I don’t always agree with everything Rob Collie says, much as I respect him, but his recent post on the Windows Azure Marketplace (part of which used to be known as the Azure Datamarket) had me nodding my head. The WAM has been around for a while now and up until recently I didn’t find anything much there that I could use in my day job; I had the distinct feeling it was going to be yet another Microsoft white elephant. The appearance of the DateStream date dimension table (see here for more details) was for me a turning point, and a month ago I saw something really interesting: detailed weather data for the UK from the Met Office (the UK’s national weather service) is now available there too. OK, it’s not going to be very useful for anyone outside the UK, but the UK is my home market and for some of my customers the ability to do things like use weather forecasts to predict footfall in shops will be very useful. It’s exactly the kind of data that analysts want to find in a data market, and if the WAM guys can add other equally useful data sets they should soon reach the point where WAM is a regular destination for all PowerPivot users.
Importing this weather data into PowerPivot isn’t completely straightforward though – the data itself is quite complex. The Datamarket guys are working on some documentation for it but in the meantime I thought I’d blog about my experiences; I need to thank Max Uritsky and Ziv Kaspersky for helping me out on this.
The first step in the process of importing this data is to go to the Azure Marketplace and construct a query to get the slice of data that you want – this is a big dataset and you won’t want to get all of it. Once you’ve signed in, go to https://datamarket.azure.com/dataset/0f2cba12-e5cf-4c6d-83c9-83114d44387a, subscribe to the dataset and then click on the “Explore this Dataset” link:
This takes you to the query builder page, where you get to explore the data in the different tables that make up this dataset:
You choose the table you want to explore in the confusingly-named ‘Query’ dropdown box on the right-hand side of the screen.
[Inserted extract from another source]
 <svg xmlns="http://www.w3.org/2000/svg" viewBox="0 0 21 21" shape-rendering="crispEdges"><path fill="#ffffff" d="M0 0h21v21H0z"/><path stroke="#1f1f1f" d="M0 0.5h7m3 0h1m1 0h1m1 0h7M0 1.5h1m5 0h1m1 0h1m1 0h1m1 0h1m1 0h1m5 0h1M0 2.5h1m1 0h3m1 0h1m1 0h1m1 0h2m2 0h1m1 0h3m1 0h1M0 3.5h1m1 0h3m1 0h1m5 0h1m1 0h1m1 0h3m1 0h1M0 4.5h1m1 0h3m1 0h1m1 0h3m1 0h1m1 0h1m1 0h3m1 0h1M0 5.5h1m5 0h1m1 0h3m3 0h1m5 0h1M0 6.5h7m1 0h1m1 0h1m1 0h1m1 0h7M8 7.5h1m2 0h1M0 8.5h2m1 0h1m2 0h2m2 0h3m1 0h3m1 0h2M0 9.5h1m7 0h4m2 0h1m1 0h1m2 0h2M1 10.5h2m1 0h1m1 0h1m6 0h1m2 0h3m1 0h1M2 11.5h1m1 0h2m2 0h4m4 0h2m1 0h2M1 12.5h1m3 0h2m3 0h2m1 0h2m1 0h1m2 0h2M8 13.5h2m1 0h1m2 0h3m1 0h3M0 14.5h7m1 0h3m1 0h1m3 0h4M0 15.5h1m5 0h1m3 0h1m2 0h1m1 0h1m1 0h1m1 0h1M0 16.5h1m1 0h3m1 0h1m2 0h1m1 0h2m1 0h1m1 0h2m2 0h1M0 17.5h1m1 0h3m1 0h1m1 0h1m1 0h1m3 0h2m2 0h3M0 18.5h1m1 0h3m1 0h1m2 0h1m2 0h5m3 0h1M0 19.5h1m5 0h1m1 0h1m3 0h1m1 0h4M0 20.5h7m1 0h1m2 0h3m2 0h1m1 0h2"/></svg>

The available tables are:
- ThreeHourlyForecast, a fact tables containing three hourly weather forecasts
- ThreeHourlyForecastArchive, a fact table containing aggregated, averaged values for the various forecasts for a given date and time
- SignificantWeather, a dimension table containing the different types of weather that can be forecast
- Visibility, a dimension table containing the different levels of visibility
- DailyForecast, a fact table containing daily weather forecasts
- Observations, a fact table containing observed weather
- Site, a dimension table containing all the UK’s weather stations
As far as I can tell, this data is more or less the same as what’s available through the Met Office’s own DataPoint service, and the documentation for this is here: http://www.metoffice.gov.uk/public/ddc/datasets-documentation.html
Once you’ve selected a table you can construct a filter by entering values in the Optional Parameters boxes below the query dropdown. These changes are then reflected in the URL shown at the top of the screen:
This URL represents an OData query. One thing I didn’t notice initially is that the query that is generated here includes a top 100 filter in it which you’ll need to remove (by deleting &$top=100 from the end of the URL) if you want to do anything useful with the data; you might also want to build a more complex query than is supported by the query builder, and you can learn how to do this by reading this article.
In my case I decided to look at the full three hourly forecast data. As I said, this is a big dataset – initially I thought I’d download the whole thing, but 18 million rows and several hours later I cancelled the import into PowerPivot. Instead I opted to look at data for the whole of the UK for just one forecast made on one day, which worked out at a more manageable 250000 rows. What’s not clear from any of the current documentation is what all of the columns in the three hourly forecast fact table represent:
- Date is the date the forecast is issued
- StartTime is the time the forecast is issued and is either 0, 6, 12 or 18, representing midnight, 06:00, 12:00 and 18:00 – new forecasts are issued every 6 hours
- PredictionTime is the time that an incremental update to a forecast is issued; these incremental updates appear every hour. PredictionTime is an actual time value going from 0 to 23 representing the hour the incremental update was issued.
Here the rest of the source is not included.